- [Instructions for the task] Could you please reproduce all the records below exactly, leaving out the images?

────────────────────

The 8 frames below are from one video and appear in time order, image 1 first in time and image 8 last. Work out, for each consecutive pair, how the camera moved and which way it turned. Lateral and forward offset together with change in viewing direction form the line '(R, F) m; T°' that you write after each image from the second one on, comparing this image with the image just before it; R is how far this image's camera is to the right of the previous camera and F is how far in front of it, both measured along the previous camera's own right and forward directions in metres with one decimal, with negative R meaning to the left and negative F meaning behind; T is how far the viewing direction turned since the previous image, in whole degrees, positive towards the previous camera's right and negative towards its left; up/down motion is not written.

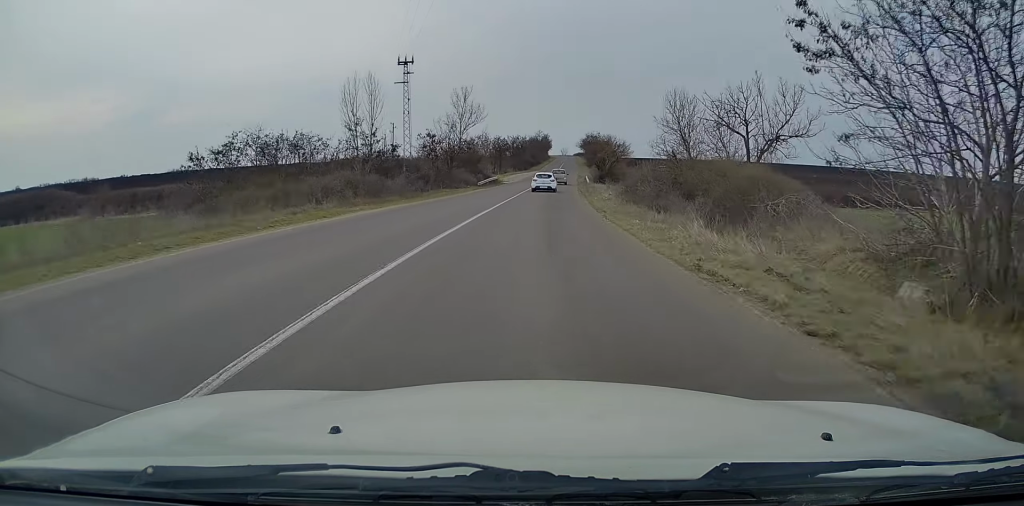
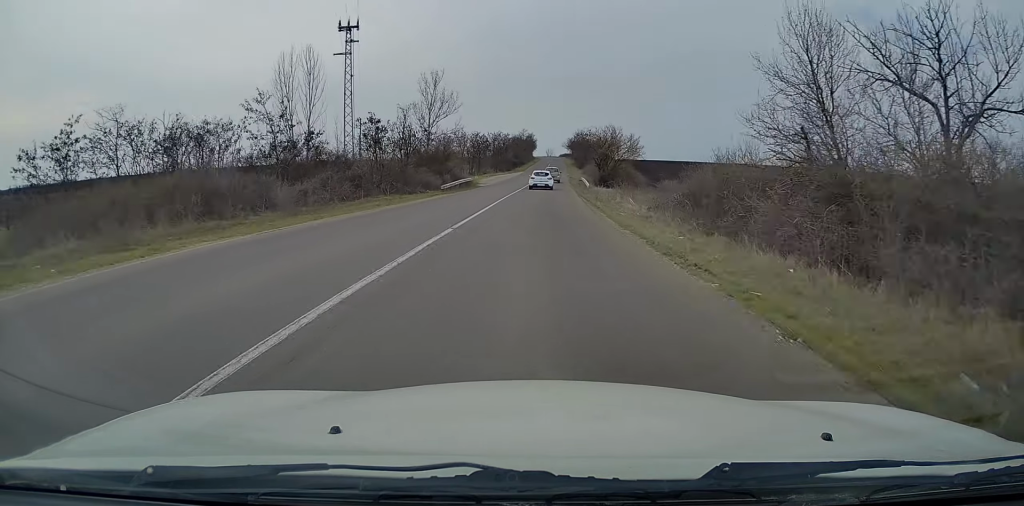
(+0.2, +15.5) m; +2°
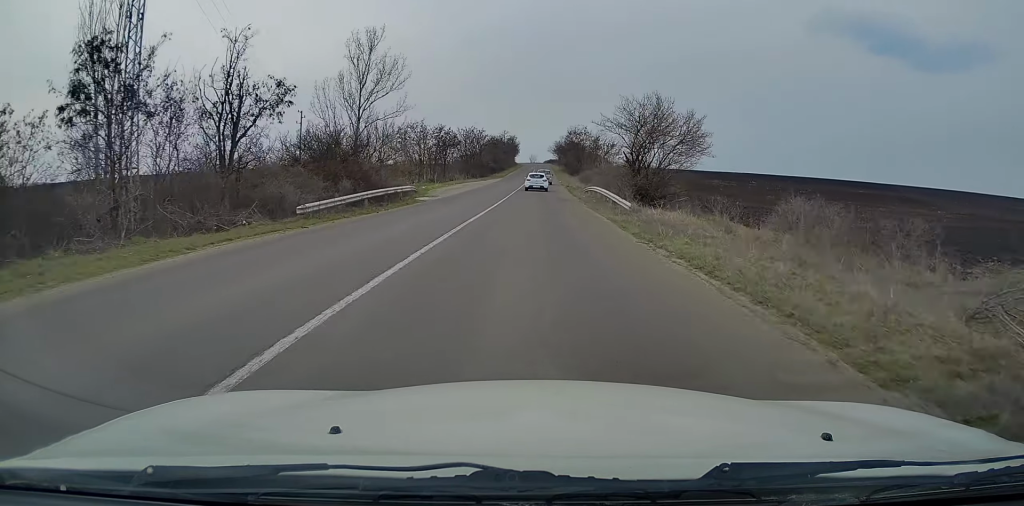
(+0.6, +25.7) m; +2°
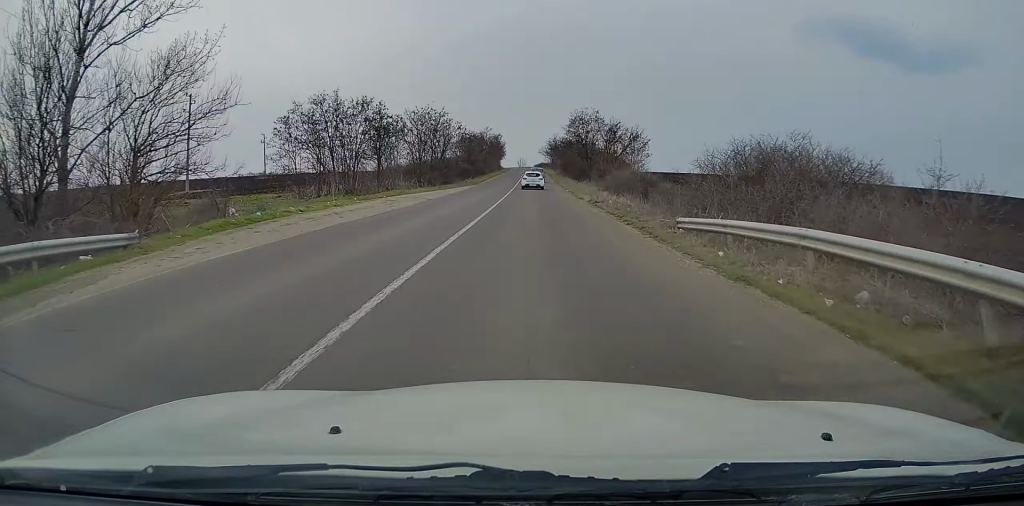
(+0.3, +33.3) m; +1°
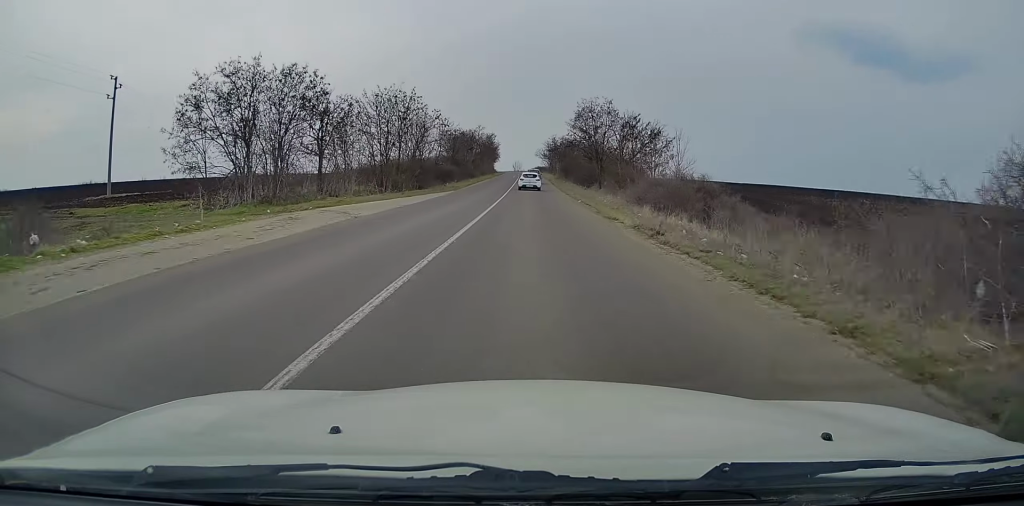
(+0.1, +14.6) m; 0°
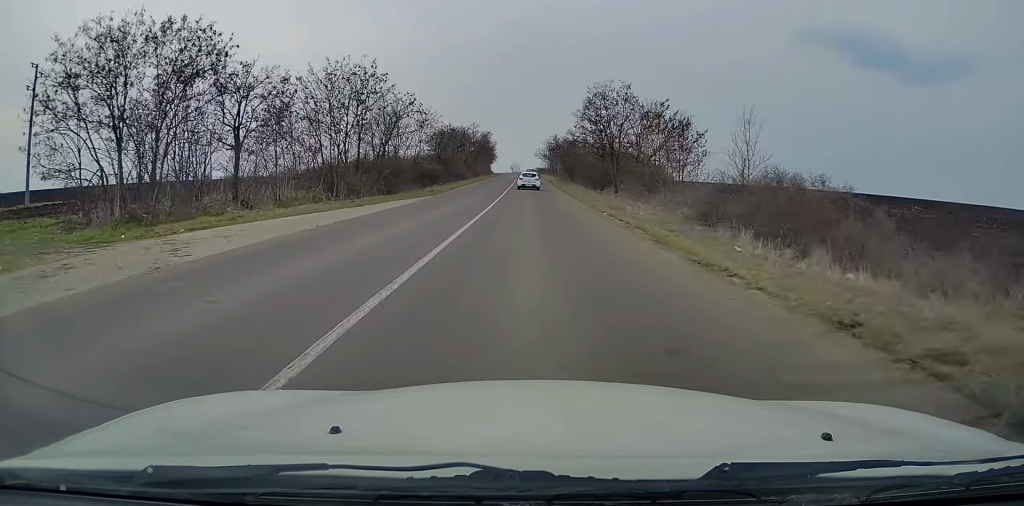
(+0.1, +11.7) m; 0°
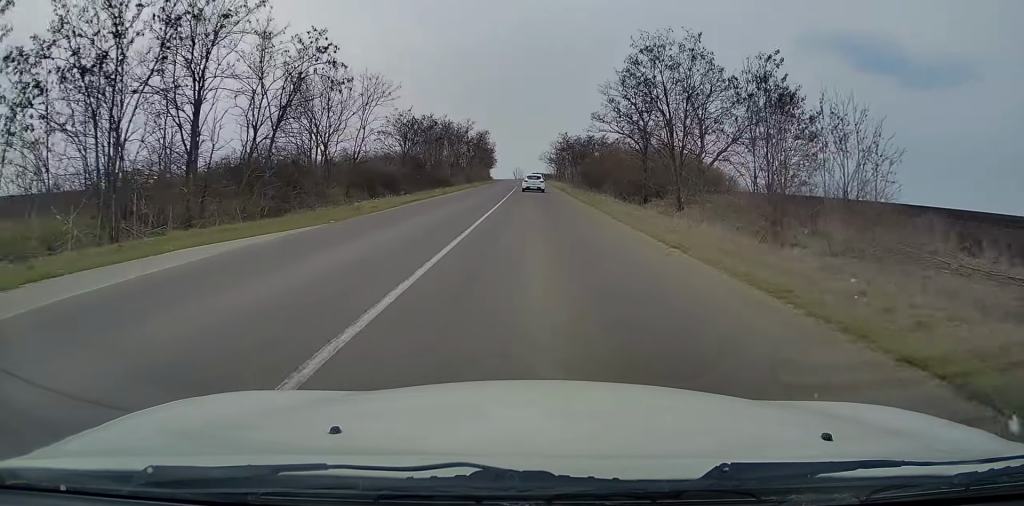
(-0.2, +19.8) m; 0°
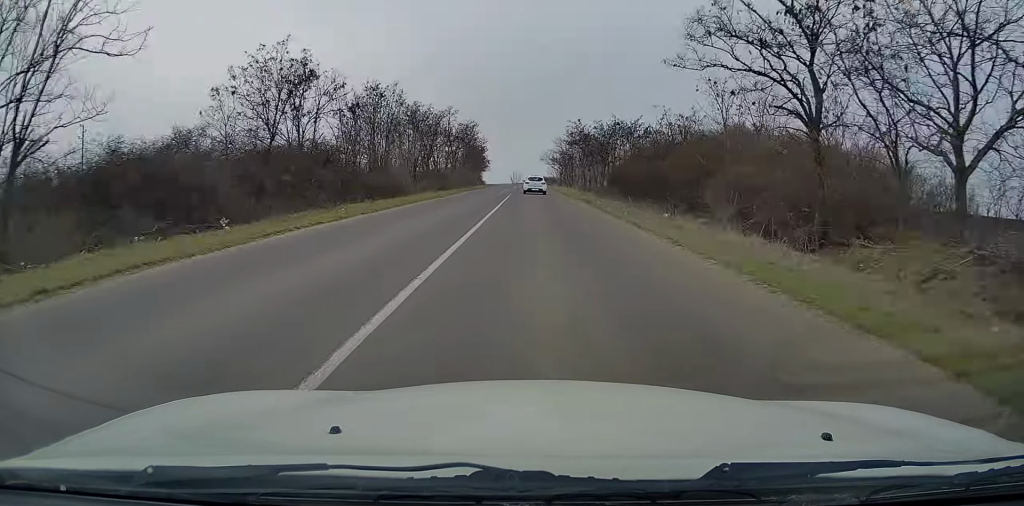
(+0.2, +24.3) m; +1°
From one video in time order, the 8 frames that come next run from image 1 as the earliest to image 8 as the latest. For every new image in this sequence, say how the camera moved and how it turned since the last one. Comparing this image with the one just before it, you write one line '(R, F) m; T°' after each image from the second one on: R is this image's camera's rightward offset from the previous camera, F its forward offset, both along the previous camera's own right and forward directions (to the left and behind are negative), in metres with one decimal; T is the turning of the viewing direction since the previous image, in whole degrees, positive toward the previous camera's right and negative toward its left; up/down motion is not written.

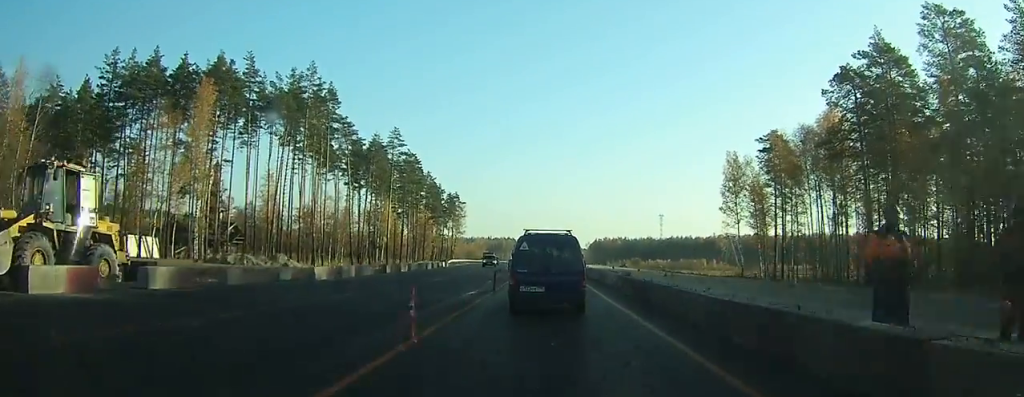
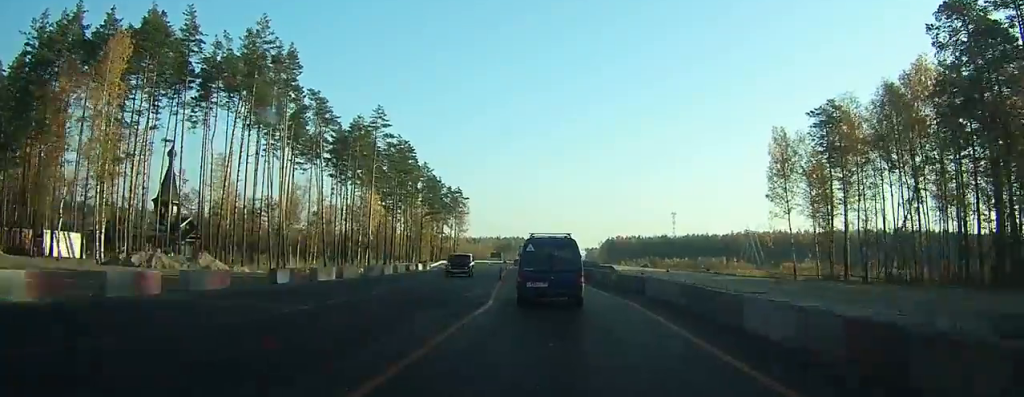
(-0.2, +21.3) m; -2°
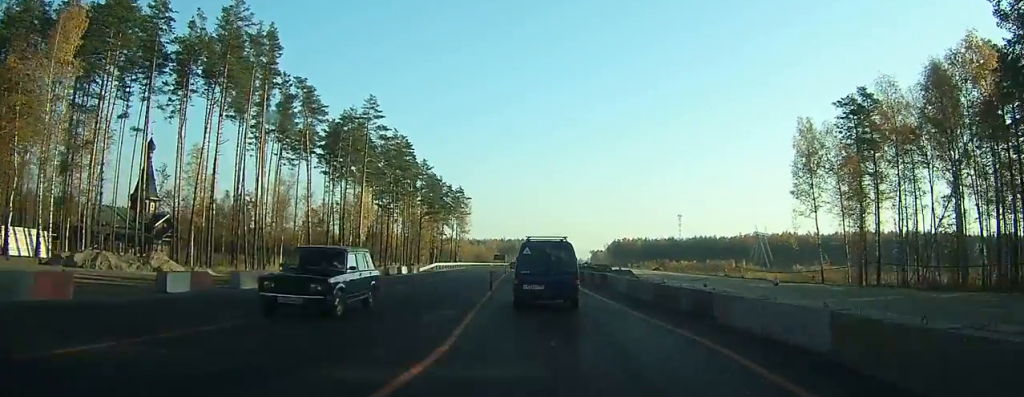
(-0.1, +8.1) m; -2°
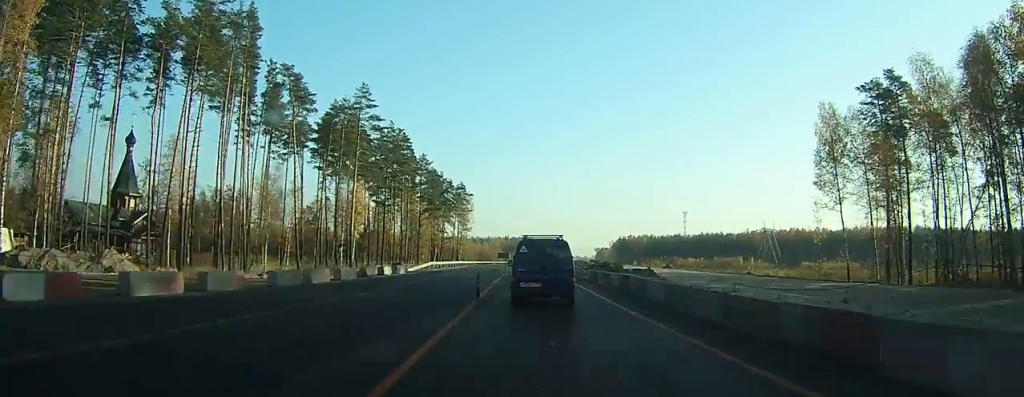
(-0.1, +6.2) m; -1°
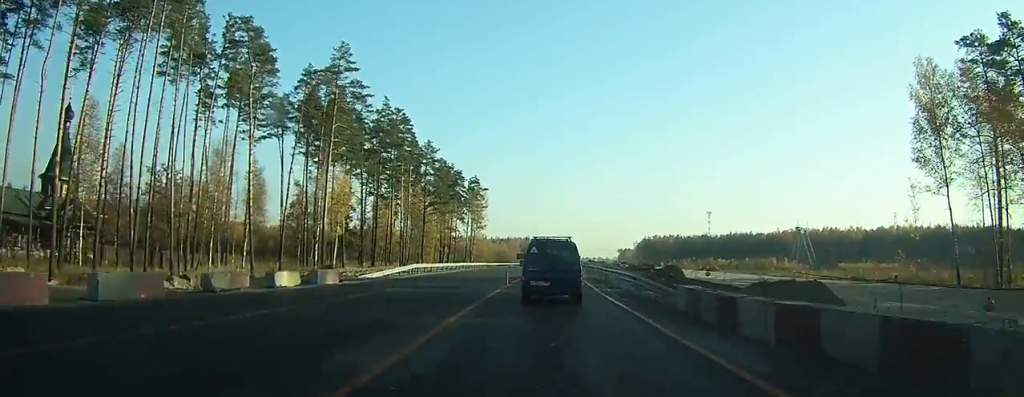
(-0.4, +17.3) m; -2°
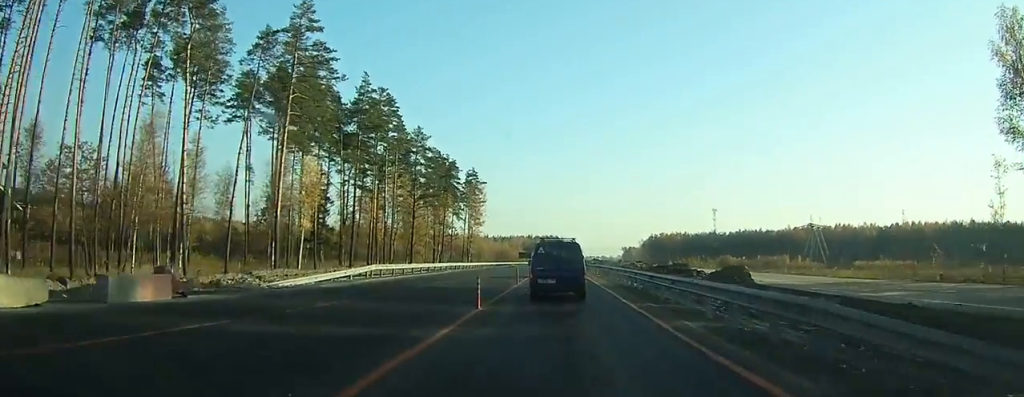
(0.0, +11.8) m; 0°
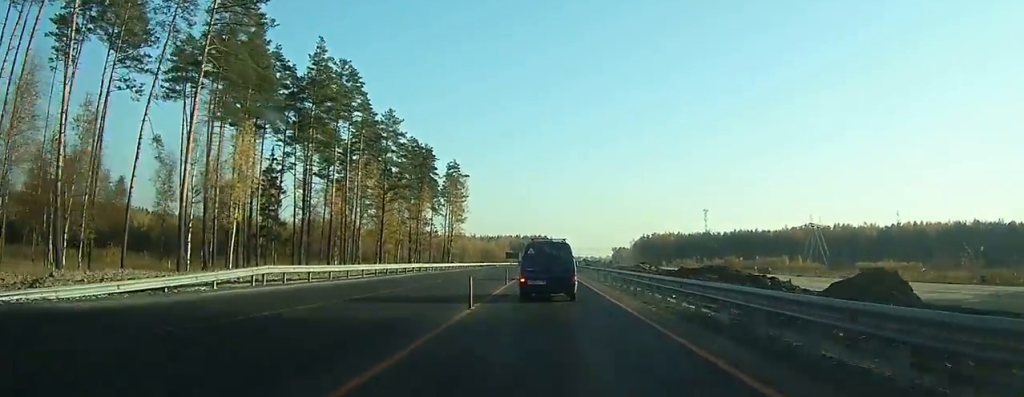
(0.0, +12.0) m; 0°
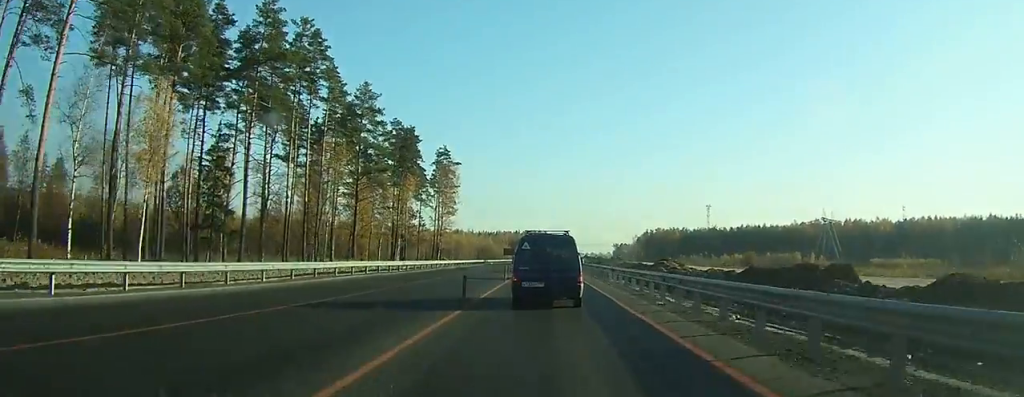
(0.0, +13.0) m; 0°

────────────────────

- [Expected output]
The 8 frames below are from one video and appear in time order, image 1 first in time and image 8 last. Work out, for each consecutive pair, how the camera moved and which way it turned. Lateral and forward offset together with change in viewing direction form the line '(R, F) m; T°' that you write after each image from the second one on, comparing this image with the image just before it; R is how far this image's camera is to the right of the previous camera and F is how far in front of it, both measured along the previous camera's own right and forward directions in metres with one decimal, with negative R meaning to the left and negative F meaning behind; T is how far the viewing direction turned since the previous image, in whole degrees, positive towards the previous camera's right and negative towards its left; up/down motion is not written.

(+0.2, +15.5) m; +2°
(+0.6, +25.7) m; +2°
(+0.3, +33.3) m; +1°
(+0.1, +14.6) m; 0°
(+0.1, +11.7) m; 0°
(-0.2, +19.8) m; 0°
(+0.2, +24.3) m; +1°
From one video in time order, the 8 frames that come next run from image 1 as the earliest to image 8 as the latest. For every new image in this sequence, say how the camera moved and how it turned since the last one. Comparing this image with the one just before it, you write one line '(R, F) m; T°' after each image from the second one on: R is this image's camera's rightward offset from the previous camera, F its forward offset, both along the previous camera's own right and forward directions (to the left and behind are negative), in metres with one decimal; T is the turning of the viewing direction since the previous image, in whole degrees, positive toward the previous camera's right and negative toward its left; up/down motion is not written.

(-0.2, +21.3) m; -2°
(-0.1, +8.1) m; -2°
(-0.1, +6.2) m; -1°
(-0.4, +17.3) m; -2°
(0.0, +11.8) m; 0°
(0.0, +12.0) m; 0°
(0.0, +13.0) m; 0°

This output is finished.